History6 min readUpdated 2026-06-16

Port Colborne's Grain Elevators: The Lake Erie End of the Welland Canal

How a small Lake Erie harbour became one of Ontario's great grain ports — told through a 1920s postcard.

A postcard from about 1920

In the collection of the Niagara Falls Public Library there is a colour postcard, dated to about 1920, captioned simply "Grain Elevator, Port Colborne, Ont." It shows a massive brick building more than four storeys high, with a tall steel structure attached to one side and railway box cars drawn up beneath it. The card was produced for F. K. Brown, a local druggist and optician who, like many small-town merchants of the era, sold souvenir views of his community. It is a small object, barely thirteen centimetres wide, but it captures something large: the moment when Port Colborne stopped being a quiet harbour town and became one of the busiest grain-handling ports on the Great Lakes. The elevator in the picture is the reason.

Why grain came to Port Colborne

Port Colborne sits on Lake Erie at the southern entrance to the Welland Canal, the waterway that lets ships climb the roughly hundred-metre difference between Lake Erie and Lake Ontario and bypass Niagara Falls. For grain moving east from the Canadian and American prairies, Port Colborne was a natural break-of-bulk point: large lake freighters could unload here, and cargo could be transferred to canal-sized vessels or to the railways. To handle that traffic the harbour needed enormous elevators to store grain between the lake boats and the next leg of the journey. By the early twentieth century the town's waterfront was lined with these towers, and grain transshipment and milling had become the engine of the local economy — the work that filled the box cars in the postcard.

What the building tells us

The structure in the postcard is typical of the great transfer elevators of its day: a brick-clad warehouse for storage paired with a steel marine leg — the tall attached tower — used to lift grain out of the holds of arriving ships. The railway cars underneath show the other half of the operation, moving grain inland by rail. Elevators like this were among the largest buildings most Ontarians of the 1920s had ever seen, and they were a point of civic pride, which is exactly why a druggist thought a picture of one would sell as a postcard. Over the following decades Port Colborne's grain and milling complex grew further, cementing the town's identity as a working Lake Erie port rather than a tourist resort.
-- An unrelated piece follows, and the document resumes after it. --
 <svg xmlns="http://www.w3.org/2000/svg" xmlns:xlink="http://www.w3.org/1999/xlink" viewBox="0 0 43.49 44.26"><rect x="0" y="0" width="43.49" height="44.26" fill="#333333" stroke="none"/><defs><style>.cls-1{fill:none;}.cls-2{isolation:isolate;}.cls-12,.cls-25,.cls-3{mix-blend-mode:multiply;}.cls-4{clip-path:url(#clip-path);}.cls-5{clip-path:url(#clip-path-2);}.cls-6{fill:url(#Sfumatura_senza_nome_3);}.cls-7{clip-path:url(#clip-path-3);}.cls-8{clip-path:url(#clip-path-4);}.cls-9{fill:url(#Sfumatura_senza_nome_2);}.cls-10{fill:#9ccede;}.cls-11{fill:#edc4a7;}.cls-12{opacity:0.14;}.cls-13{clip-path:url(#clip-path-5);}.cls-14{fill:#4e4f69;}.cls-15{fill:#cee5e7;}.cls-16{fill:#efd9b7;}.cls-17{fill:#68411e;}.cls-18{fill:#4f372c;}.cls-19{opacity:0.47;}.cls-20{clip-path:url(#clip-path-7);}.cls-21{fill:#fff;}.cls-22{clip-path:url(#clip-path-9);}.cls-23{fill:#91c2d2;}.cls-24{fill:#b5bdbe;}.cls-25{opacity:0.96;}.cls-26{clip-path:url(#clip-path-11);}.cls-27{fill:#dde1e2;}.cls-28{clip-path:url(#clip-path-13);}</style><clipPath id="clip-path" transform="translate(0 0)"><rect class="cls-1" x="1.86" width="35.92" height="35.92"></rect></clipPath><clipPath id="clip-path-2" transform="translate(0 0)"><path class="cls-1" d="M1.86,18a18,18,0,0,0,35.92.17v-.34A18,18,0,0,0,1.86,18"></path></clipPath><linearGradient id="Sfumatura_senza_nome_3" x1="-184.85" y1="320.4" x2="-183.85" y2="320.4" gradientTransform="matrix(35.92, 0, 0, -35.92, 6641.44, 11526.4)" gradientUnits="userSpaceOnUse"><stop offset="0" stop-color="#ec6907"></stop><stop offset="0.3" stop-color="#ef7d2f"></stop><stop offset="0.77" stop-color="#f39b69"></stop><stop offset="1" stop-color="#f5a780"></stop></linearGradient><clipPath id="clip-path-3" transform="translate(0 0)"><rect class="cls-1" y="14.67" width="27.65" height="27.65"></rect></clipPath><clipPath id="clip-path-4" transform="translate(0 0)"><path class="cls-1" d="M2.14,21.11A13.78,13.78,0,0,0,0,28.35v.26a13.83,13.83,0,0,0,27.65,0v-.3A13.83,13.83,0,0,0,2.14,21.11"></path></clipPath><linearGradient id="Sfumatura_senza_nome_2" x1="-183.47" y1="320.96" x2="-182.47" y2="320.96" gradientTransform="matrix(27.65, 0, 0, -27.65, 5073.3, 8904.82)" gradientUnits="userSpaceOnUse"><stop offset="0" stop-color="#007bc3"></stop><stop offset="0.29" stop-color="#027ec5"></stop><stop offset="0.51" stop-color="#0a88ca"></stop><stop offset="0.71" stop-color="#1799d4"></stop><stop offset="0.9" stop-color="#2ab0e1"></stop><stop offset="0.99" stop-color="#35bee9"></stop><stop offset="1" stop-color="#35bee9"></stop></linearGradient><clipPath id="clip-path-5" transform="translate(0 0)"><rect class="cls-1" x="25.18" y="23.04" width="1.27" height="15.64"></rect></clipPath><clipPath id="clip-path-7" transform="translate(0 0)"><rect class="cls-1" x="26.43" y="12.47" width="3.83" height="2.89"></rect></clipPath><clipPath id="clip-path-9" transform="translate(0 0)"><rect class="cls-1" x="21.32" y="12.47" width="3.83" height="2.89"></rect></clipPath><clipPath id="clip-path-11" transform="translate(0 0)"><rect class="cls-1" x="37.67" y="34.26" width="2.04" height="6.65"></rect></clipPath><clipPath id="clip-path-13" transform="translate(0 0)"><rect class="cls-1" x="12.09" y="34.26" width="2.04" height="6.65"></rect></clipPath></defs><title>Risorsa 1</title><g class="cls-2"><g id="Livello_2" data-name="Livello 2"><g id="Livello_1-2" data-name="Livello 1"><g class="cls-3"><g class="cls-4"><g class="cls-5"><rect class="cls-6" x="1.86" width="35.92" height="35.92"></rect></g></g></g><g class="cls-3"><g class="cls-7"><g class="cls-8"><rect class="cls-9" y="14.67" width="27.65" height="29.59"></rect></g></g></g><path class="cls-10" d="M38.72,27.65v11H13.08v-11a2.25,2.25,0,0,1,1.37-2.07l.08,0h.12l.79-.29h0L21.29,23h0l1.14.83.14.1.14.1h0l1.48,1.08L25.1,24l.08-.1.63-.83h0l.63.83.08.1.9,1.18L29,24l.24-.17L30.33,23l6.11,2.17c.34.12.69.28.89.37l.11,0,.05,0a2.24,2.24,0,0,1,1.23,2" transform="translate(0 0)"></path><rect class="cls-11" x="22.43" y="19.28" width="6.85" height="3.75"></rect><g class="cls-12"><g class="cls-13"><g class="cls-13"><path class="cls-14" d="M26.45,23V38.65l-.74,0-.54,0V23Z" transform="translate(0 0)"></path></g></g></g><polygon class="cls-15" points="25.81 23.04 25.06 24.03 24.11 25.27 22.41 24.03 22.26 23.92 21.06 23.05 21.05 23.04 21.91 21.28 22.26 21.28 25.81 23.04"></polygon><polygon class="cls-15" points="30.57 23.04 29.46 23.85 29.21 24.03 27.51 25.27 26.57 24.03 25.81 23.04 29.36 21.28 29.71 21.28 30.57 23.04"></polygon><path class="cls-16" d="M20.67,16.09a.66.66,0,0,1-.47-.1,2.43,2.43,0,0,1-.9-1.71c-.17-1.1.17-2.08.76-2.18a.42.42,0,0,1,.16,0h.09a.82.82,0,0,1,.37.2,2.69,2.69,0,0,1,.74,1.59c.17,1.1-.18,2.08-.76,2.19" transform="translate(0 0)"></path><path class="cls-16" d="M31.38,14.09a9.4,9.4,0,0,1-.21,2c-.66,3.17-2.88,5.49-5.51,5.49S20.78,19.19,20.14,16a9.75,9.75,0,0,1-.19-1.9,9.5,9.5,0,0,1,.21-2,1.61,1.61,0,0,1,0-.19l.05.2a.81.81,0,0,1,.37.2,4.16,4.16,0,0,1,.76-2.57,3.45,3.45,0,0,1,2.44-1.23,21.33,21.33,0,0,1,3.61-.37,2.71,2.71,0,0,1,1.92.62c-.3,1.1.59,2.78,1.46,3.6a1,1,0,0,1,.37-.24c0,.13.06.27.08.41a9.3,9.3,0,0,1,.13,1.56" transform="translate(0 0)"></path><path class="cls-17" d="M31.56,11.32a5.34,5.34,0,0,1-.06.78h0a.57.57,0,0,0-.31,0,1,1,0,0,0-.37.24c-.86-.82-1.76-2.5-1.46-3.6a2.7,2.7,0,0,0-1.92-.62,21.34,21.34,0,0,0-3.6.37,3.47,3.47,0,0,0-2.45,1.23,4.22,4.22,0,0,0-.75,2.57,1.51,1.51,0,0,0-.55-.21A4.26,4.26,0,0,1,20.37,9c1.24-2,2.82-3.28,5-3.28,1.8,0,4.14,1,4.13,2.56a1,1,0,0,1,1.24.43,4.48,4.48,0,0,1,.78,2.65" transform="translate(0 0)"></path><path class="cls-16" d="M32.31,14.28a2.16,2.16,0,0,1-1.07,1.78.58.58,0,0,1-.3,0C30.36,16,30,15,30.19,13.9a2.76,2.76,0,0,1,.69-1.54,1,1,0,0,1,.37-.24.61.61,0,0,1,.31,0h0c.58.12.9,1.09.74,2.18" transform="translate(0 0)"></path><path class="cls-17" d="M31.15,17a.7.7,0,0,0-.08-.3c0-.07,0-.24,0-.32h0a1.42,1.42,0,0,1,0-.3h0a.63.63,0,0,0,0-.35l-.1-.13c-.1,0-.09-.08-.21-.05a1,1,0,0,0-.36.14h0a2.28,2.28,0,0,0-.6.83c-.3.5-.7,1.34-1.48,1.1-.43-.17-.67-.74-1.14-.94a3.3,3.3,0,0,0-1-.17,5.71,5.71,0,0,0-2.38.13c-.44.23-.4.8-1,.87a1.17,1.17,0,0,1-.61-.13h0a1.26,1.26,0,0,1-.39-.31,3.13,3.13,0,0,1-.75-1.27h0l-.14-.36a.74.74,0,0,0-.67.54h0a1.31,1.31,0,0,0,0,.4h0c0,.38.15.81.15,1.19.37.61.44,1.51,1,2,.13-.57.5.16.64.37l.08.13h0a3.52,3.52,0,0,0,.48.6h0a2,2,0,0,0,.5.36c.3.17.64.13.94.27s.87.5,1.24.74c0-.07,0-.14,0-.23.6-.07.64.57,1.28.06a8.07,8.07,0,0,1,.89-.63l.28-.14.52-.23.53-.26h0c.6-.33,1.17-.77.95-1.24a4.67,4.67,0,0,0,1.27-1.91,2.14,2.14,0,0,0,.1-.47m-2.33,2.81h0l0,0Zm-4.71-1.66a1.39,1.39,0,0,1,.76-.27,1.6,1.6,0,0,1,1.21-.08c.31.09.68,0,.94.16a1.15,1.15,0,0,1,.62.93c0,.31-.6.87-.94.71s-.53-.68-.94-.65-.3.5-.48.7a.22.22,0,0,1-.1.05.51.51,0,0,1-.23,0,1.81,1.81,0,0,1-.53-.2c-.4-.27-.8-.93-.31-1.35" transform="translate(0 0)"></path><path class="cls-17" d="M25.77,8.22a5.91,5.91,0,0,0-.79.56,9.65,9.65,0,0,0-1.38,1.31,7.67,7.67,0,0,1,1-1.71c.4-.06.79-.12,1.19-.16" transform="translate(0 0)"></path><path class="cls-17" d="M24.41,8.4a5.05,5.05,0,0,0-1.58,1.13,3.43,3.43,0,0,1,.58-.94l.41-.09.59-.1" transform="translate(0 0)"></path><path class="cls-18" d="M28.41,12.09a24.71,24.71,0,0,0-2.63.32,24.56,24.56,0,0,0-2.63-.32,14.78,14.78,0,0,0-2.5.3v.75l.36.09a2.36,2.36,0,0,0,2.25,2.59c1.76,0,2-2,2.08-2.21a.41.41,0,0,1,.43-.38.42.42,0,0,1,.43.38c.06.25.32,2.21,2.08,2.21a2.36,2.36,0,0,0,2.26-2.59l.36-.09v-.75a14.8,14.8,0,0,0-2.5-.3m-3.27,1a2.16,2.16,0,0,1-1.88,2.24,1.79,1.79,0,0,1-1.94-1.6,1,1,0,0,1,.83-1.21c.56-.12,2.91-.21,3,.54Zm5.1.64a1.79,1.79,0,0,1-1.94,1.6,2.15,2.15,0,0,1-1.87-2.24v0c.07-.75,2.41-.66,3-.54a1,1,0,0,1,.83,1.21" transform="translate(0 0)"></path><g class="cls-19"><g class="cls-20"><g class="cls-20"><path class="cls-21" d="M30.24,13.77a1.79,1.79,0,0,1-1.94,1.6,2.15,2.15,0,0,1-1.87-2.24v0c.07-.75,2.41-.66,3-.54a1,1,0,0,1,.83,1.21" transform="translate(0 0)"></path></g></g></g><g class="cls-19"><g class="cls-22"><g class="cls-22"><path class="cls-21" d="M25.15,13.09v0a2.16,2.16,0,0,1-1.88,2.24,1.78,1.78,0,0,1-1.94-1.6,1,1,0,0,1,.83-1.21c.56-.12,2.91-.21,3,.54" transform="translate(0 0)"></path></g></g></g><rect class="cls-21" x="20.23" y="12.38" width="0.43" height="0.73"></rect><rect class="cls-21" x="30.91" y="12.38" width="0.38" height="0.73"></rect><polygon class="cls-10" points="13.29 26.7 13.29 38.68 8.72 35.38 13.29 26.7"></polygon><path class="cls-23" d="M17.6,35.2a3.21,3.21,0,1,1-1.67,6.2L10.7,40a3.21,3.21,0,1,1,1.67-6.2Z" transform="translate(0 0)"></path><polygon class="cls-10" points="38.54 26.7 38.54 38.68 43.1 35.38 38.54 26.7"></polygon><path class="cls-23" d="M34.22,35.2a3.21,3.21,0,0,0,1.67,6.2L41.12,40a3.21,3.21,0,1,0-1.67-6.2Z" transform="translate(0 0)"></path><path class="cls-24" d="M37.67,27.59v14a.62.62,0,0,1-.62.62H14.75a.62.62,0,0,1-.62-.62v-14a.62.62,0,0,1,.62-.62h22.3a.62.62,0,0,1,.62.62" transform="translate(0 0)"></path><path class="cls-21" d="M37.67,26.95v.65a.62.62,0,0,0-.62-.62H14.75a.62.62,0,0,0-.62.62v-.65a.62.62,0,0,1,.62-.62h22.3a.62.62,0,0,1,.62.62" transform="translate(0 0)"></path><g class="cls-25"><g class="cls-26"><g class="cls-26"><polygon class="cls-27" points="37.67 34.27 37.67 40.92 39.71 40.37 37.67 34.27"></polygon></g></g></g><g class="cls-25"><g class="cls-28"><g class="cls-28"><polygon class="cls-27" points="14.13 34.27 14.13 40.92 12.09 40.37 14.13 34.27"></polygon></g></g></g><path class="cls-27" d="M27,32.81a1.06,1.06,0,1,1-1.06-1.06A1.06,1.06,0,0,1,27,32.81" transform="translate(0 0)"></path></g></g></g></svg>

Seeing the canal town today

The grain era is still legible in Port Colborne. The waterfront elevators and the Welland Canal that fed them remain the town's defining landmarks, and ship-watchers still gather where the canal meets Lake Erie to see lakers pass through. If you are exploring the southern Niagara region, Port Colborne pairs naturally with a day along the canal: you can trace the same route that carried the grain in the postcard, from the Lake Erie entrance up through the locks toward Lake Ontario. The town's heritage harbour, its main street, and the nearby Lake Erie beaches make it an easy, low-key half-day for anyone curious about how the canal shaped this corner of Ontario.

Frequently Asked Questions

Where is Port Colborne?

Port Colborne is a town on the north shore of Lake Erie in Ontario's Niagara Region. It sits at the southern entrance to the Welland Canal, the waterway that connects Lake Erie to Lake Ontario and lets ships bypass Niagara Falls.

Why did Port Colborne have such large grain elevators?

Because it was a break-of-bulk point on the Great Lakes. Large lake freighters carrying prairie grain unloaded at Port Colborne, where the cargo was stored in waterfront elevators before continuing east by canal vessel or railway. That traffic made grain handling and milling the centre of the local economy in the early 1900s.

How old is the grain elevator postcard?

The colour postcard held by the Niagara Falls Public Library is dated to about 1920. It was published for F. K. Brown, a Port Colborne druggist and optician, and is part of the library's Francis J. Petrie Collection.

Can you still see the Welland Canal at Port Colborne?

Yes. The Welland Canal's Lake Erie entrance and Lock 8 are in Port Colborne, and ship-watching remains one of the town's most popular activities. The historic waterfront and grain elevators are still defining features of the skyline.